23:26 Lynne: gfxstrand: false alarm, the filter I was testing with was bitrotten, everything works perfectly
23:26 gfxstrand: lmao
23:26 gfxstrand: \o/
23:27 gfxstrand: Once again, NVK has no bugs. :P
23:29 Lynne: download performance is legendarily slow though, 1fps on 1080p yuv420p
23:30 gfxstrand: Are you using HOST_CACHED memory or just HOST_VISIBLE?
23:30 Lynne: just host visible
23:30 gfxstrand: Then you're reading through a write-combein map
23:32 Lynne: HOST_CACHED is normal speed though
23:32 gfxstrand: Yeah, you want HOST_CACHED for downloads
23:33 Lynne: the thing is we readout the downloaded buffer to ram via the CPU-native non-temporal read instructions
23:33 Lynne: so non-cached paths would be more optimal
23:34 gfxstrand: I'm not sure how that stuff interacts with going across PCIe
23:35 gfxstrand: But I'm pretty sure non-temporal won't save you if you're going across the PCI bus.
23:35 Lynne: is there a way to tell that CACHED is more optimal?
23:35 gfxstrand: That's tricky
23:36 gfxstrand: On a discrete card, typically HOST_VISIBLE + DEVICE_LOCAL means that it lives in VRAM and you're getting a write-combine map
23:36 gfxstrand: On a UMA, everything is going to be HOST_VISIBLE + DEVICE_LOCAL + HOST_CACHED except for the uncached stuff which will be HOST_VISIBLE + DEVICE_LOCAL
23:37 gfxstrand: We don't have a bit for "Seriously, don't read from this map. You'll regret it"
23:37 gfxstrand: D3D12 actually does better at this because they simply advertise upload vs. download vs. device
23:37 zmike: see also https://www.basnieuwenhuizen.nl/the-catastrophe-of-reading-from-vram/
23:37 gfxstrand: Which isn't as flexible as Vulkan but at least makes it clear what you should do.
23:38 Lynne: interestingly enough, nvidia's proprietary driver on the same device deals better without CACHED
23:38 Lynne: I get 130fps (no cached) vs 124fps of nvk (with cached)
23:39 gfxstrand: They might be configuring their heaps differently. The no cached might not be write-combine. It might be uncached system RAM.
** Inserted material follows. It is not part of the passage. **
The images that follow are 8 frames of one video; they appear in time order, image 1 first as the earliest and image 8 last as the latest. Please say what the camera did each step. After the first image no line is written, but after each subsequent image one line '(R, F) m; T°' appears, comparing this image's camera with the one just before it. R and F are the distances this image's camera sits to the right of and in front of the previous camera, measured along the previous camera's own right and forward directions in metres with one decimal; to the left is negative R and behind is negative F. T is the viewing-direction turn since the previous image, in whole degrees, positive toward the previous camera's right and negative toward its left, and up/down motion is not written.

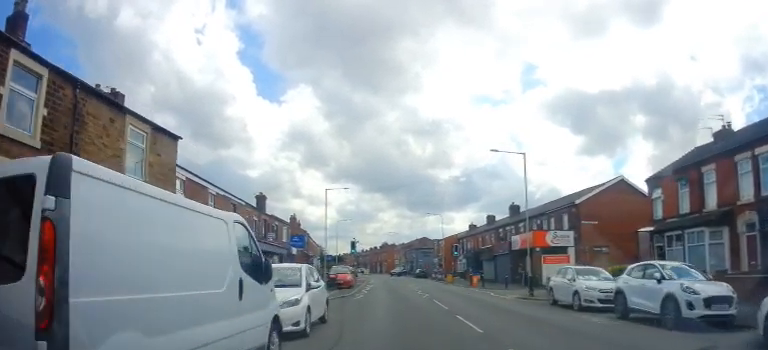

23:39 gfxstrand: I'm pretty sure they have a write-combined VRAM heap, though.
23:40 gfxstrand: When you cay no cache on the prop driver, is it DEVICE_LOCAL?
23:40 gfxstrand: (Not that that's 100% accurate. They might be hiding things from you.)
23:40 Lynne: ah, nevermind, I forgot to disable host mapping
23:41 Lynne: nvk is slightly slower than the proprietary drivers for the same codepath (140fps with cached)
23:44 gfxstrand: That's to be expected. We've still got a good bit of perf work to do.
23:44 Lynne: I think optimizing that is a lower prio though, a few percent or so isn't too bad
23:47 Lynne: so assuming HOST_VISIBLE and HOST_CACHED bits are the only ones set, would most driver implementations prefer GPU-visible system RAM for it?